I agree with the idea that a lot of humans nowadays have a severe lack of curiosity about the world, but I think there has to be a solution other than shame.

I think about this every day because the fate of our world hangs on curiosity: either we will rediscover the importance and wonders of the soil and bugs and flowers and water and finally with the whole natural world, or this way will be forgotten.

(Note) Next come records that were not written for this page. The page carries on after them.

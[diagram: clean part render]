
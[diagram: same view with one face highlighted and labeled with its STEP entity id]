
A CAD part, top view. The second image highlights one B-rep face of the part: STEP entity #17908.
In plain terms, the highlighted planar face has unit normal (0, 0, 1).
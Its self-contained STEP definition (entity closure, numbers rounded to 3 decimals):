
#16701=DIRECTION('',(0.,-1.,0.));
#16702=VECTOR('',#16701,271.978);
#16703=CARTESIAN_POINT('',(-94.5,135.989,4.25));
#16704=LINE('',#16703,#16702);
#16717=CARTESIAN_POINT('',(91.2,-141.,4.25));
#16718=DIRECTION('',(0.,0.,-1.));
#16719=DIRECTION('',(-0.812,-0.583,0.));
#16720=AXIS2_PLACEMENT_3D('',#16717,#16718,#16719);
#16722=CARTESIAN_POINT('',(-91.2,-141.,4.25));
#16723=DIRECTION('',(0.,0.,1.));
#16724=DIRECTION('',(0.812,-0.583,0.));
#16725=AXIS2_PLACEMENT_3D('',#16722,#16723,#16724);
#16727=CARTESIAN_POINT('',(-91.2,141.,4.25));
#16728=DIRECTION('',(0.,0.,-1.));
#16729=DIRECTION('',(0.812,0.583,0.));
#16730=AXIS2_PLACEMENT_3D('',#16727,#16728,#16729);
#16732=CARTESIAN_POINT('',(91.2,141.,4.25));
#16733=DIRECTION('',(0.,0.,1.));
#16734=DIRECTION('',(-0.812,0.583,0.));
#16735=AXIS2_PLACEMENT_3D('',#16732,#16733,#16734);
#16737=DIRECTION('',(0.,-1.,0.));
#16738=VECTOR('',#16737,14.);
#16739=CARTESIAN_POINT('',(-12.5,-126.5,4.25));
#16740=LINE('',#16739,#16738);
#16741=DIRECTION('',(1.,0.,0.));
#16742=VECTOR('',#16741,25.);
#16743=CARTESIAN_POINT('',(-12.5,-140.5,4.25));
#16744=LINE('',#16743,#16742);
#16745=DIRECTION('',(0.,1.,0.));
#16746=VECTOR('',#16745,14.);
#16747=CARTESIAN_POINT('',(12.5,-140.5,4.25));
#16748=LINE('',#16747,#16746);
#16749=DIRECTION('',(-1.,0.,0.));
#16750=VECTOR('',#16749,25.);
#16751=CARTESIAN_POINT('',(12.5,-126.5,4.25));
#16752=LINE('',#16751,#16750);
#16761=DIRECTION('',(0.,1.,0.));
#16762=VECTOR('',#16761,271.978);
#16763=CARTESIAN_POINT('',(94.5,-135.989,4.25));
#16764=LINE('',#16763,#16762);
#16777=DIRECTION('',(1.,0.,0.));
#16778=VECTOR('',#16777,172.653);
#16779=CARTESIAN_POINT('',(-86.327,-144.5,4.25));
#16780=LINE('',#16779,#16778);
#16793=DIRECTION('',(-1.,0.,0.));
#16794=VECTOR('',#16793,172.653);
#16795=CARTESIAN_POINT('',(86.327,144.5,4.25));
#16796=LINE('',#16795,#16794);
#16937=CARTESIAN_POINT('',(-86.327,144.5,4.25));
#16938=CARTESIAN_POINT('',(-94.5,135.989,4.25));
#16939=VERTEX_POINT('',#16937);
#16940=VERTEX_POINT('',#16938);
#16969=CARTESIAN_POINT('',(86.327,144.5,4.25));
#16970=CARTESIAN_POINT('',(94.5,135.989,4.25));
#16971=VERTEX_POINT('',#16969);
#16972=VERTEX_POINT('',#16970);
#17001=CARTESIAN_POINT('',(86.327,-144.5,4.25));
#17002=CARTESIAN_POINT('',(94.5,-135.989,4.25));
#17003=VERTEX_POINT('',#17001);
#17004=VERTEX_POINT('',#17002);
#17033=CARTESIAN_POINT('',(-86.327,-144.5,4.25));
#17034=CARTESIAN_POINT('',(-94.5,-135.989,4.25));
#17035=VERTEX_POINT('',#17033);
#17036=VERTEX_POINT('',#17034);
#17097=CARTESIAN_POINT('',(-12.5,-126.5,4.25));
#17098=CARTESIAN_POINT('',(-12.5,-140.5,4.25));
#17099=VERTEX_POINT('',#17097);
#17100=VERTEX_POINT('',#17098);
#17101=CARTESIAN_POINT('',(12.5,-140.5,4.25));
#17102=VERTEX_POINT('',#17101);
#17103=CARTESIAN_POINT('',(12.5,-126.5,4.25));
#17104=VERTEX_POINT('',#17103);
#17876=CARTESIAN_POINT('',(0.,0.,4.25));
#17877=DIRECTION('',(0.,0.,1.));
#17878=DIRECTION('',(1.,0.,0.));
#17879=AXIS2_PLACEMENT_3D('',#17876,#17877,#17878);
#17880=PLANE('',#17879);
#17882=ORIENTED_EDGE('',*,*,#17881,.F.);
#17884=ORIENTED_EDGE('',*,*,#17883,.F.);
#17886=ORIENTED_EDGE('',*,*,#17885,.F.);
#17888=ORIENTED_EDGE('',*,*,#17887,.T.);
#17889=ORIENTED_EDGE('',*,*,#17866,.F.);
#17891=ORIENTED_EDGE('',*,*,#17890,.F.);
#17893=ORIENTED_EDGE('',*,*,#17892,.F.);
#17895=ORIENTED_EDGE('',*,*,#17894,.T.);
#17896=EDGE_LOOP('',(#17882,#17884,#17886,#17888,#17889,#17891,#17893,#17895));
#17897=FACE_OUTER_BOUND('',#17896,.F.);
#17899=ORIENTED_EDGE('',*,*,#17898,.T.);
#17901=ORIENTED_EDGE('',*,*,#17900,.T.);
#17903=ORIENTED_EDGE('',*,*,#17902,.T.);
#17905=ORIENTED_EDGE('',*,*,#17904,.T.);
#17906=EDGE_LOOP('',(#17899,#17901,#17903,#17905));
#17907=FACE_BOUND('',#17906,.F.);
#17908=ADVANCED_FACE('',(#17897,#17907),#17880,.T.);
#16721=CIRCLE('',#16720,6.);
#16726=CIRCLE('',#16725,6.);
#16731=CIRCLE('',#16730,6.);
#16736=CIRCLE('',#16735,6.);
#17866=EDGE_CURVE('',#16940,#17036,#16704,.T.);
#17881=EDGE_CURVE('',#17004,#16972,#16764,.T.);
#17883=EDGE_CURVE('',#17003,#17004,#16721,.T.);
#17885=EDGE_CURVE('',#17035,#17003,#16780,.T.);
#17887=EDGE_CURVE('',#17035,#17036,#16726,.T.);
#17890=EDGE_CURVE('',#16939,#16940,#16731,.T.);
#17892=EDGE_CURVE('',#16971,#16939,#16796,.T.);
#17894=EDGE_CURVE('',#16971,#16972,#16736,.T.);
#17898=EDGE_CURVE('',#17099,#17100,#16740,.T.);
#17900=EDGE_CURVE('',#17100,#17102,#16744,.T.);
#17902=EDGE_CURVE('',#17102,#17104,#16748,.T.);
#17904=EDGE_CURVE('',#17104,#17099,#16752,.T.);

People raised in the great wasteland of the suburbs and roads and buildings have never seen most of the plants and creatures that are supposed to fill every field and meadow. So many humans have never seen with their own eyes more than a scant few of the most common of hundreds of wildflowers that are supposed to surround them. Some live in biomes designated forest and have never witnessed truly mature trees. They do not know what the birds sound like. When they see an ordinary deer, they are awed and amazed by it or even afraid of it. They have never eaten any of the delicious wild fruits that grow in their homeland; all birds except starlings and robins and sparrows are so strange and beautiful that they stare in wonder. They confront insects like people on an alien planet encountering an unknown life form: What is this? Will it hurt me?

I cannot even describe the grief I feel on behalf of humans that grow up and live in the wasteland of pavement and lawn. That we are expected to live in these brutal environments, that we are expected to be content without the right or ability to live alongside living creatures, to walk among wildflowers, to hear birdsong, to feel the plush softness of moss, to see even common bees and butterflies—the fact that we live, work, and raise our children in poisonous wastes where nearly everything has been wiped out, and the simplest and most abundant of natural pleasures are rare privileges—it's cruel. It's a crime against the human spirit. It makes me so angry and sad.

When I started researching plants, I had no idea that I would end up expanding my mind so much that I would be virtually a different person within the year. Before I learned, I could not have imagined the diversity and beauty that exists in the world. My mind did not have the tools to come up with it.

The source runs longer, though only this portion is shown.